What was supposed to be a pretty relaxing day of going on a short hike and then wandering around the shops in downtown Grand Lake turned into a super hot mess. First of all, I should have known better. We had JUST started potty training and Thea hadn’t quite mastered……well anything yet. In true Katrina fashion though I figured I could just handle it if I was prepared enough! I brought a backup pairs of clothes (including shoes) and we went on our merry way.

Thea lost her mind the minute we got out of the car and pretended her legs wouldn’t work. Ok fine. My sister decided to carry her. The trees were stunning and changing colors and we wouldn’t let anything stop us! Then as we were just out of sight of the car she pees her pants. No problem! Katrina to the rescue with backup clothes! As I put them on her and turn to put the pee filled clothes back in the bag, she PEES AGAIN! Whelp shoot. Back to the car we go.

We head into downtown Grand Lake to have our picnic, wandering shops to try to find Thea some pants. Boy did I get some looks walking around a posh tourist town with my kid in a pull up and some rain boots. Luckily we found a little shop and I spent a whopping $30 on some “bat moose” pajamas for her to wear. I thought to myself “well, at least I’ll be able to chuckle at this every time she wears these”!

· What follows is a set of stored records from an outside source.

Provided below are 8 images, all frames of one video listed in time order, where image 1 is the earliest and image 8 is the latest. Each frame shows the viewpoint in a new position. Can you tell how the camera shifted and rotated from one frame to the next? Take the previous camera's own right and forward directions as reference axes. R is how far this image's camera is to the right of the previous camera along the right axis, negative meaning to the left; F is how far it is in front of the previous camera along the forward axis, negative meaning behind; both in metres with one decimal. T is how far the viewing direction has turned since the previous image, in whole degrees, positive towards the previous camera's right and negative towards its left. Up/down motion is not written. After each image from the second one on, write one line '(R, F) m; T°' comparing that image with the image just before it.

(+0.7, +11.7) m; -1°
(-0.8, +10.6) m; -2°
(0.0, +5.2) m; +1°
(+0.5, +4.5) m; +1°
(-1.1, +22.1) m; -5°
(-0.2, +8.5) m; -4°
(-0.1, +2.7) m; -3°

To finish off the day, we decided to go down to the beach and let Thea play in the sand a bit. TO my chagrin, this was the first time the ENTIRE day she decided she needed to go, and she needed to go NOW. Pure mom mode kicked in. “Go for it girl! Drop trou! So proud of you!” And so she did- on the middle of the beach and in the middle of a bunch of strangers.

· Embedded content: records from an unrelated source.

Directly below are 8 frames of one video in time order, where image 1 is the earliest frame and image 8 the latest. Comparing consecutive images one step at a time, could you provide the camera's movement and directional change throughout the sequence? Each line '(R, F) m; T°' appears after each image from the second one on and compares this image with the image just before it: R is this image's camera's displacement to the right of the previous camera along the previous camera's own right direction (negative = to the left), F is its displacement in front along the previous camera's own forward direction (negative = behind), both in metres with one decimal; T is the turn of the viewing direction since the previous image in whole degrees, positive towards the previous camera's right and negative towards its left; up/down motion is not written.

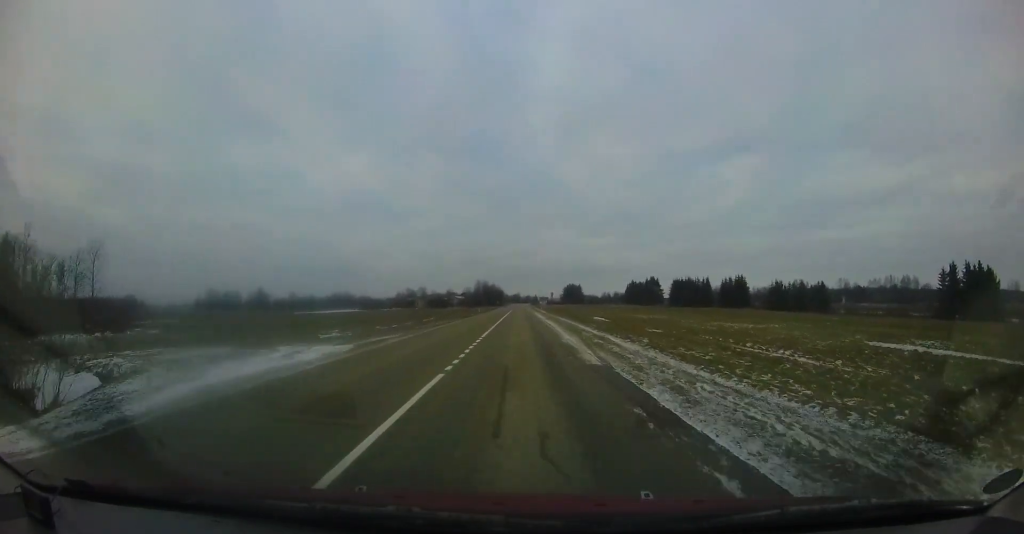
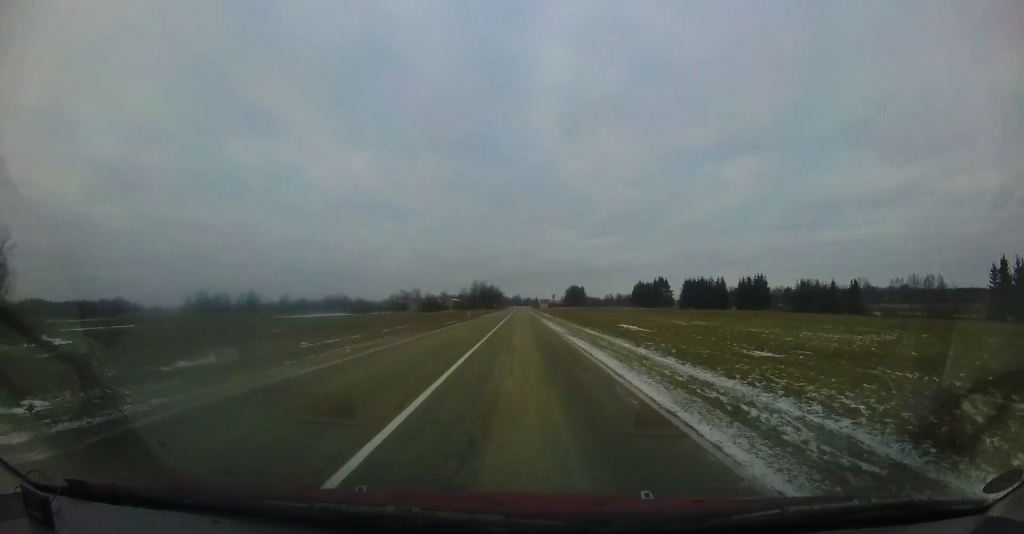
(+0.2, +13.7) m; 0°
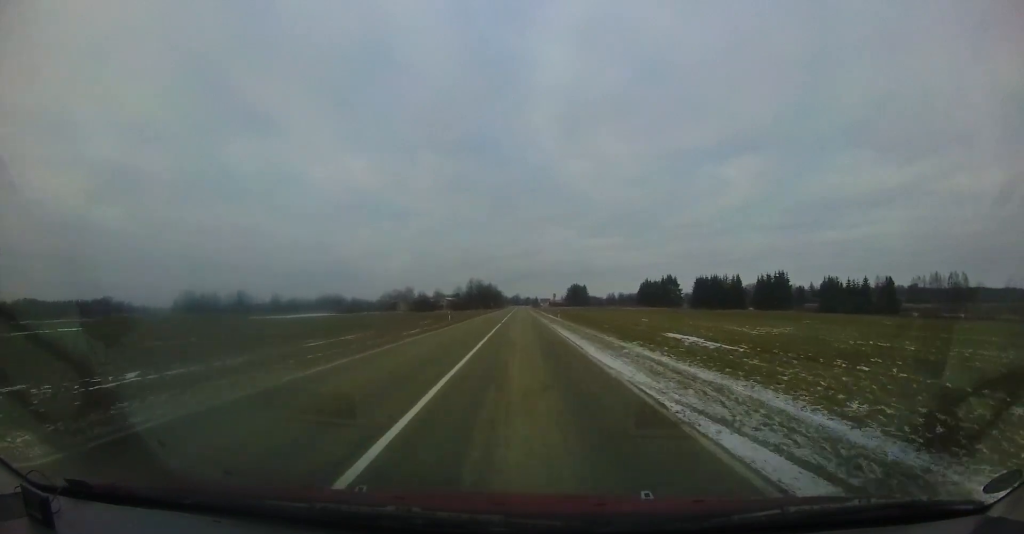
(-0.1, +13.1) m; -2°
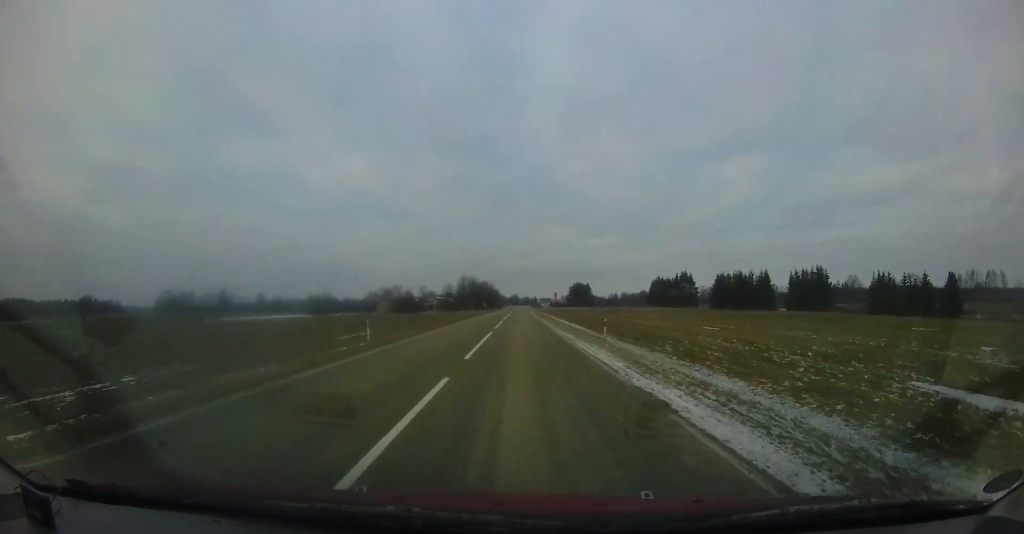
(-0.4, +19.7) m; +1°
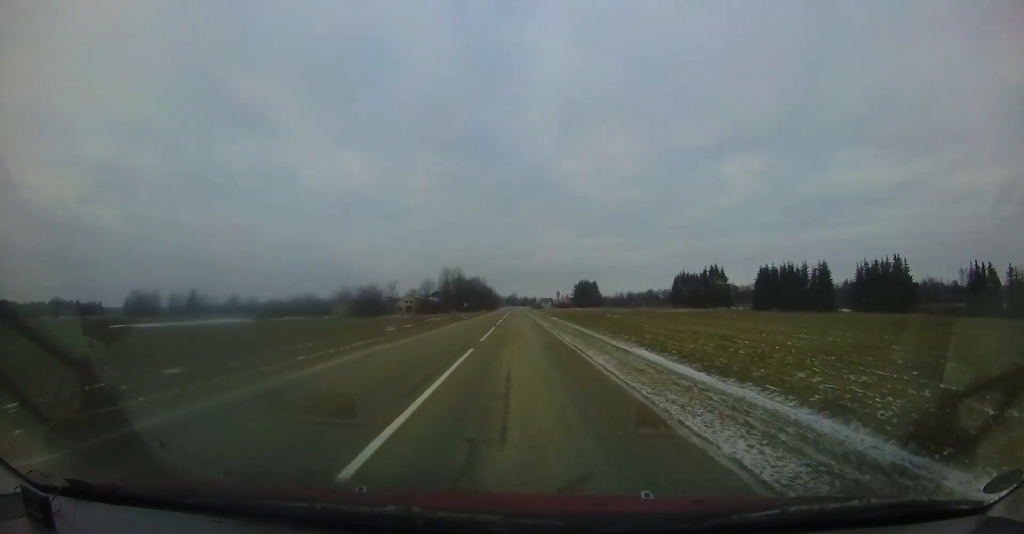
(+0.6, +30.7) m; 0°
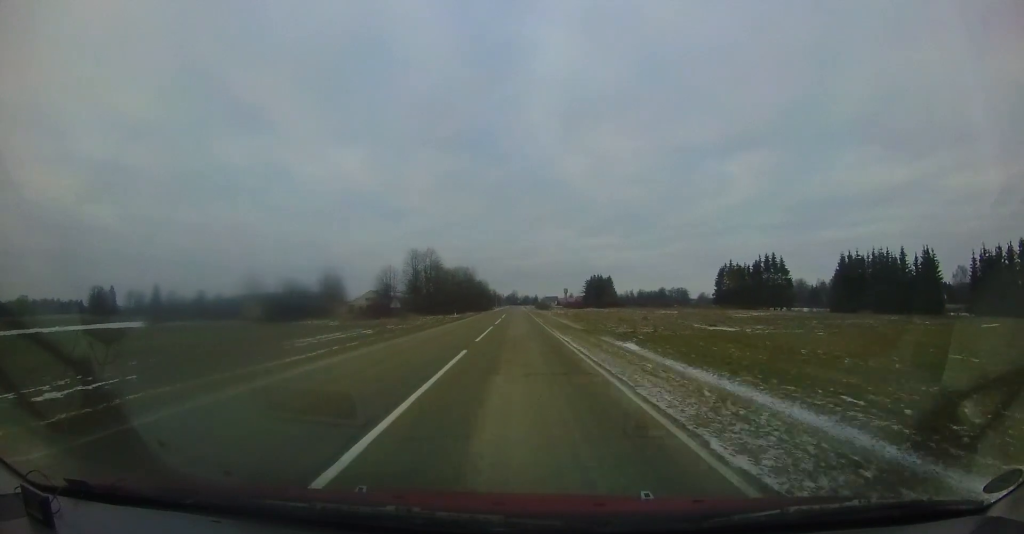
(-0.8, +36.2) m; -1°
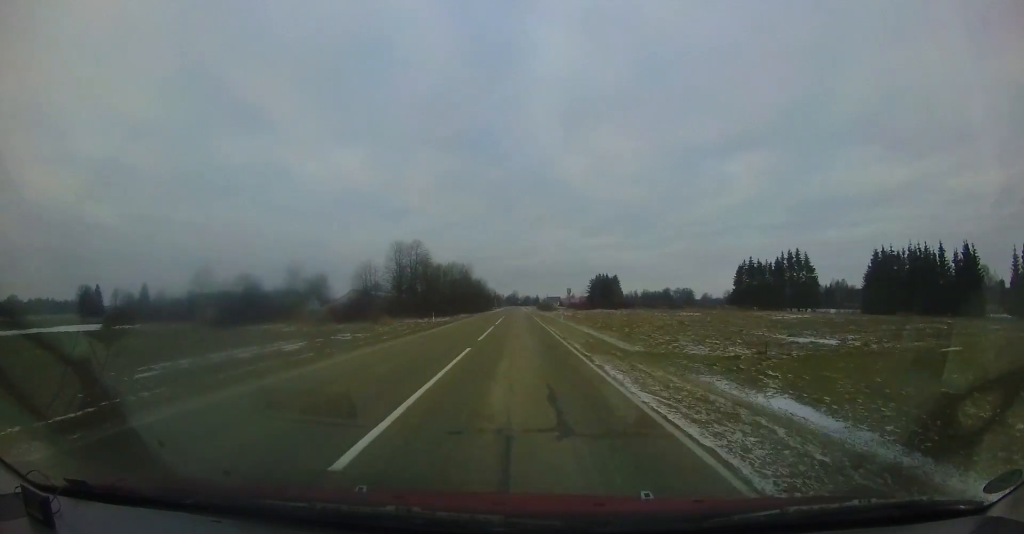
(0.0, +11.0) m; +1°
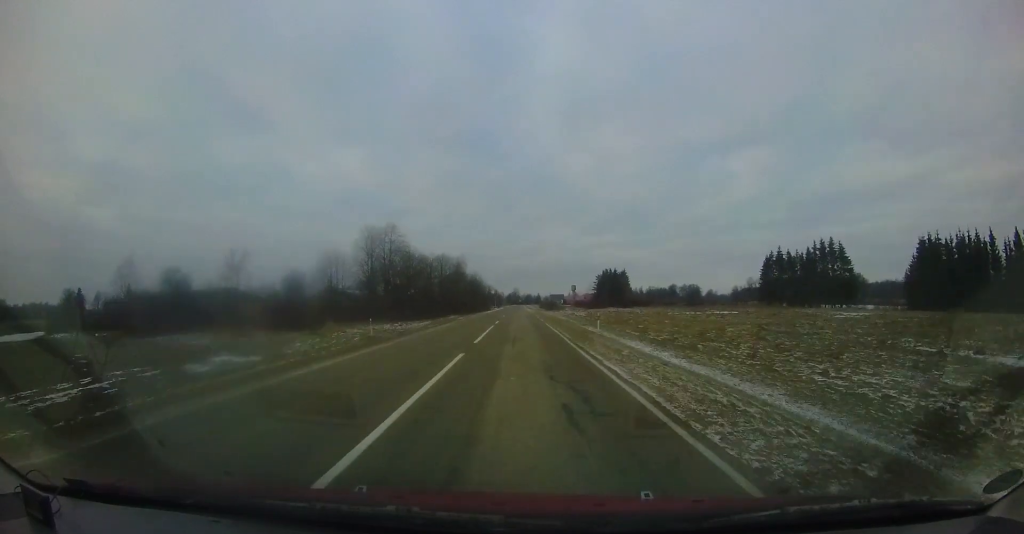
(+0.2, +13.4) m; +1°

As you can tell, most of them were FAR from impressed. Most of them were also not potty training their kid, so they had no room to judge. I’d love to discuss this lady’s face while I was making sure we were only working with a #1 and not a #2 though guys! THIS LADY’S FACE. It’s truly engrained in my mind any time I feel remotely ready to judge another parent for something they are doing. You do not know what kind of day they are having or what they are going through. A small nod of sisterhood or smile, or hell a fist bump would have made me feel a lot better about that situation. We are just a band of humans raising other little humans, some differently than others and that is A OK.
My kid is potty trained now, and I can assure you we don’t just pee in public. I can also assure you that I’m going to be putting this in her high school graduation AND wedding slide shows.